- _DATASET EXTRACT_:
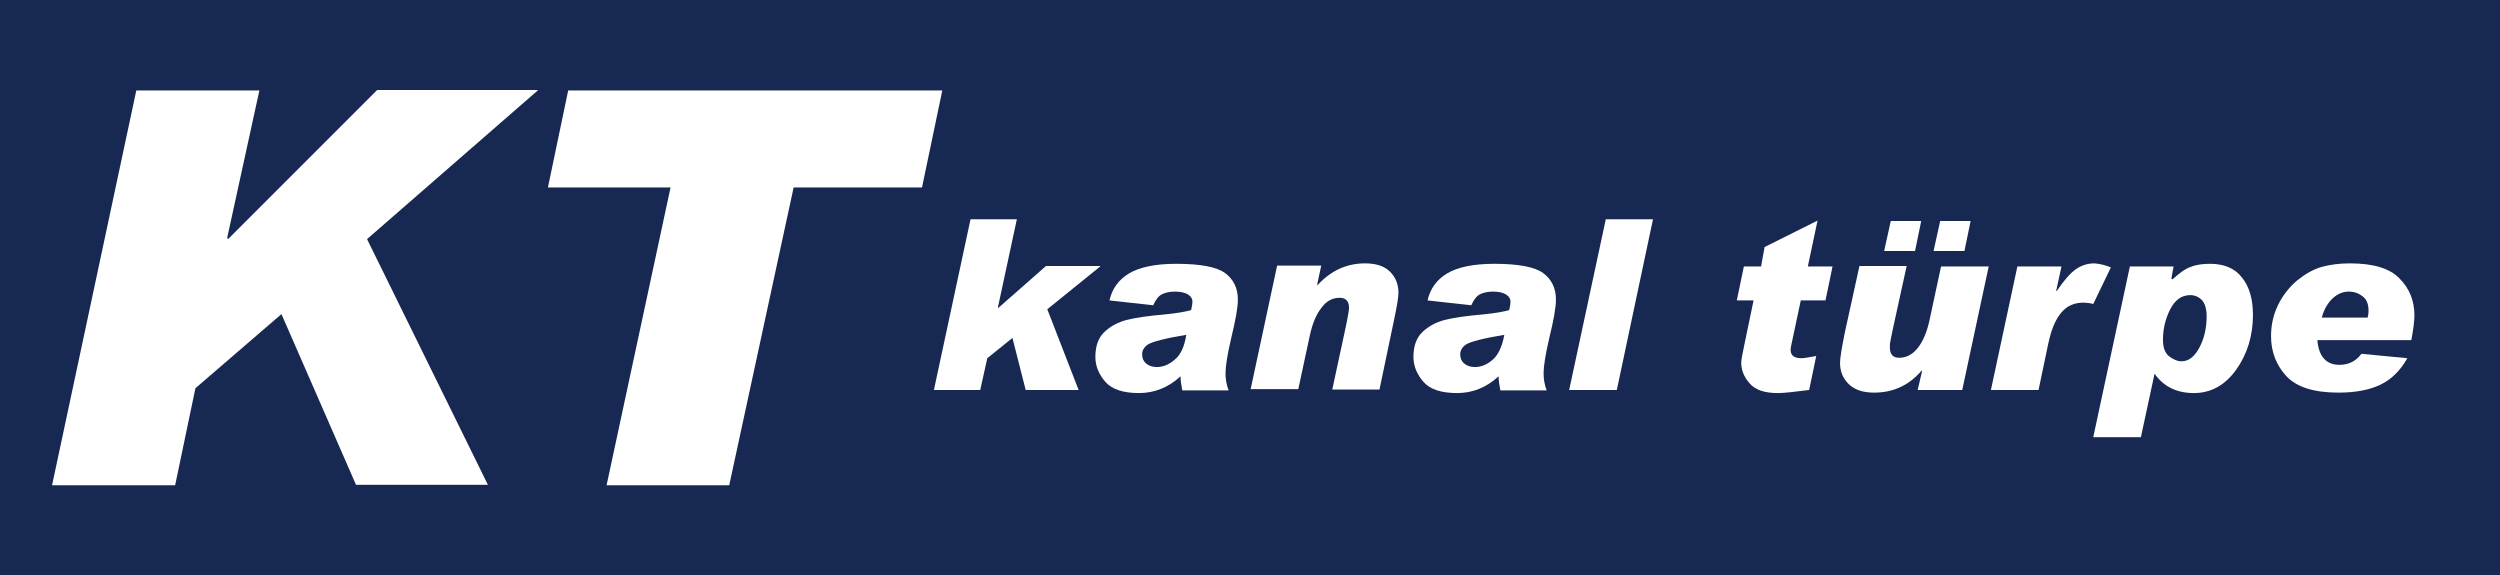 <?xml version="1.0" encoding="utf-8"?>
<!-- Generator: Adobe Illustrator 25.2.1, SVG Export Plug-In . SVG Version: 6.00 Build 0)  -->
<!DOCTYPE svg PUBLIC "-//W3C//DTD SVG 1.1//EN" "http://www.w3.org/Graphics/SVG/1.1/DTD/svg11.dtd">
<svg version="1.1" xmlns:x="http://ns.adobe.com/Extensibility/1.0/" xmlns:i="http://ns.adobe.com/AdobeIllustrator/10.0/" xmlns:graph="http://ns.adobe.com/Graphs/1.0/"
	 xmlns="http://www.w3.org/2000/svg" xmlns:xlink="http://www.w3.org/1999/xlink" x="0px" y="0px" viewBox="0 0 566.7 130.4"
	 style="enable-background:new 0 0 566.7 130.4;" xml:space="preserve">
<style type="text/css">
	.st0{fill:#172853;}
	.st1{fill:#FFFFFF;}
</style>
<g id="Ebene_4">
	<rect x="-33.9" y="-36.4" class="st0" width="644.9" height="206.1"/>
</g>
<g id="Ebene_1">
	<g>
		<g>
			<path class="st1" d="M121.9,20.5L83.2,54.2l27.4,55.7H80.7L63.8,71.2L44.3,88l-4.6,22H11.8l19.1-89.5h27.9l-7.3,33.4l0.2,0.3
				l33.8-33.8H121.9z"/>
			<path class="st1" d="M213.6,20.5l-4.6,22h-29.1l-14.6,67.5h-27.8l14.5-67.5h-27.8l4.6-22H213.6z"/>
		</g>
	</g>
</g>
<g id="Ebene_3">
</g>
<g id="Ebene_2">
	<g>
		<g>
			<path class="st1" d="M249.4,60.4l-12,9.7l7.1,18.3h-12l-3-11.8l-5.7,4.6l-1.6,7.2h-10.5l8.3-38.7h10.5l-4.3,20l0.1,0.1l10.8-9.5
				H249.4z"/>
			<path class="st1" d="M251.5,68.1c0.6-2.7,2.1-4.7,4.4-6.1c2.3-1.4,5.9-2.2,10.7-2.2c5.5,0,9.2,0.7,11.1,2.1
				c1.9,1.4,2.9,3.4,2.9,6c0,1.8-0.5,4.6-1.5,8.7c-0.9,3.8-1.3,6.5-1.3,8c0,1.3,0.2,2.6,0.7,3.9h-10.5c-0.2-1.1-0.4-2.2-0.4-3.2
				c-2.8,2.6-6,3.8-9.4,3.8c-3.5,0-6.1-0.8-7.6-2.5c-1.5-1.7-2.3-3.6-2.3-5.7c0-2.5,0.7-4.4,2.1-5.7c1.4-1.3,3.1-2.2,5.1-2.7
				c2-0.5,4.8-0.9,8.3-1.2c3.1-0.3,5.2-0.7,6.2-1c0.2-0.8,0.3-1.5,0.3-1.9c0-0.7-0.4-1.3-1.1-1.7s-1.7-0.6-2.8-0.6
				c-1.2,0-2.2,0.2-3,0.6s-1.4,1.2-2,2.5L251.5,68.1z M268.9,75.9c-4.9,0.8-7.8,1.6-8.7,2.2c-0.9,0.6-1.3,1.4-1.3,2.2
				c0,0.9,0.3,1.6,0.9,2.1c0.6,0.5,1.4,0.8,2.4,0.8c1.4,0,2.7-0.5,4-1.6C267.6,80.5,268.5,78.6,268.9,75.9z"/>
			<path class="st1" d="M298.6,64.7c3-3.3,6.6-5,10.8-5c2.5,0,4.4,0.6,5.7,1.9s1.9,2.9,1.9,4.8c0,1.1-0.4,3.3-1.1,6.6l-3.2,15.3H302
				l2.8-13c0.7-3.2,1-5,1-5.5c0-1.5-0.7-2.3-2.1-2.3c-1.6,0-3,0.7-4.1,2.2c-1.2,1.5-2.1,3.6-2.7,6.4l-2.6,12.1h-10.8l6-28h10
				l-0.9,4.2L298.6,64.7z"/>
			<path class="st1" d="M323.6,68.1c0.6-2.7,2.1-4.7,4.4-6.1c2.3-1.4,5.9-2.2,10.7-2.2c5.5,0,9.2,0.7,11.1,2.1
				c1.9,1.4,2.9,3.4,2.9,6c0,1.8-0.5,4.6-1.5,8.7c-0.9,3.8-1.3,6.5-1.3,8c0,1.3,0.2,2.6,0.7,3.9h-10.5c-0.2-1.1-0.4-2.2-0.4-3.2
				c-2.8,2.6-6,3.8-9.4,3.8c-3.5,0-6.1-0.8-7.6-2.5c-1.5-1.7-2.3-3.6-2.3-5.7c0-2.5,0.7-4.4,2.1-5.7s3.1-2.2,5.1-2.7
				c2-0.5,4.8-0.9,8.3-1.2c3.1-0.3,5.2-0.7,6.2-1c0.2-0.8,0.3-1.5,0.3-1.9c0-0.7-0.4-1.3-1.1-1.7s-1.7-0.6-2.8-0.6
				c-1.2,0-2.2,0.2-3,0.6s-1.4,1.2-2,2.5L323.6,68.1z M341,75.9c-4.9,0.8-7.8,1.6-8.7,2.2c-0.9,0.6-1.3,1.4-1.3,2.2
				c0,0.9,0.3,1.6,0.9,2.1c0.6,0.5,1.4,0.8,2.4,0.8c1.4,0,2.7-0.5,4-1.6C339.6,80.5,340.5,78.6,341,75.9z"/>
			<path class="st1" d="M374.7,49.7l-8.2,38.7h-10.8l8.3-38.7H374.7z"/>
			<path class="st1" d="M415.4,60.4l-1.6,7.7h-5.6l-2.1,9.9c-0.1,0.4-0.2,0.9-0.2,1.3c0,1.3,0.8,1.9,2.5,1.9c0.5,0,1.6-0.2,3.3-0.5
				l-1.6,7.7c-3.2,0.4-5.6,0.7-7.1,0.7c-3,0-5.1-0.7-6.4-2.2s-1.9-3-1.9-4.7c0-0.6,0.3-2.1,0.8-4.5l2-9.6h-3.8l1.6-7.7h3.9L400,56
				l12-6l-2.2,10.4H415.4z"/>
			<path class="st1" d="M450.8,60.4l-6,28h-10.1l1-4.3l-0.1-0.1c-2.9,3.4-6.5,5-10.8,5c-2.6,0-4.5-0.7-5.8-2
				c-1.3-1.3-1.9-2.9-1.9-4.7c0-1.2,0.4-3.5,1.1-7l3.3-15h10.7l-3,13.7c-0.4,2-0.7,3.2-0.7,3.5c-0.1,0.3-0.1,0.7-0.1,1.2v0.1
				c0,1.5,0.7,2.3,2.1,2.3c1.6,0,3-0.7,4.2-2.2c1.2-1.5,2.1-3.6,2.7-6.4l2.6-12.1H450.8z M435.5,50.1l-1.4,6.8h-7l1.5-6.8H435.5z
				 M446.7,50.1l-1.4,6.8h-7l1.5-6.8H446.7z"/>
			<path class="st1" d="M478.5,60.6l-4,8.3c-0.8-0.2-1.6-0.3-2.2-0.3c-2.1,0-3.7,0.7-5,2.2s-2.3,3.8-3,7.1l-2.2,10.5h-10.8l6-28h10
				l-1.2,5.5l0.1,0.1c1.7-2.5,3.1-4.1,4.4-5s2.7-1.3,4.2-1.3C476,59.8,477.2,60.1,478.5,60.6z"/>
			<path class="st1" d="M492.5,63.3c1.5-1.4,2.9-2.4,4.1-2.8c1.2-0.5,2.7-0.7,4.4-0.7c3.1,0,5.6,1,7.2,3.1c1.7,2.1,2.5,4.9,2.5,8.5
				c0,4.7-1.3,8.9-3.8,12.4s-5.7,5.3-9.6,5.3c-3.9,0-6.9-1.5-8.9-4.4l-3.1,14.4h-10.8l8.3-38.7h9.9l-0.5,2.8L492.5,63.3z
				 M494.5,81.9c1.6,0,2.9-1,4-3s1.7-4.4,1.7-7.2c0-1.7-0.4-3-1.1-3.7s-1.6-1.1-2.6-1.1c-2,0-3.5,1.1-4.6,3.3
				c-1.1,2.2-1.6,4.5-1.6,6.8c0,1.7,0.4,2.9,1.3,3.7C492.5,81.4,493.5,81.9,494.5,81.9z"/>
			<path class="st1" d="M545.7,81.2c-1.6,2.8-3.6,4.8-6.1,6s-5.7,1.8-9.5,1.8c-5.5,0-9.4-1.2-11.8-3.7c-2.3-2.5-3.5-5.5-3.5-9.1
				c0-2.5,0.5-4.8,1.6-7.1c1.1-2.2,2.6-4.1,4.4-5.6c1.9-1.5,3.7-2.5,5.5-3c1.8-0.5,3.9-0.8,6.4-0.8c5.2,0,9,1.1,11.2,3.4
				c2.3,2.3,3.4,5.1,3.4,8.4c0,1.1-0.2,3-0.7,5.6h-21.3c0.3,3.7,2,5.6,5,5.6c2.1,0,3.7-0.8,5-2.5L545.7,81.2z M536.7,72
				c0.1-0.4,0.2-0.9,0.2-1.6c0-1.4-0.4-2.5-1.3-3.2c-0.9-0.7-1.9-1.1-3.2-1.1c-1.3,0-2.5,0.5-3.6,1.5c-1.1,1-2,2.5-2.5,4.4H536.7z"
				/>
		</g>
	</g>
</g>
</svg>

- _EXERCISE DETAILS_: In the listing above, how many lines hold the string "http"? Only the number is to be reported.

- _ANSWER FOR THE TASK_: 3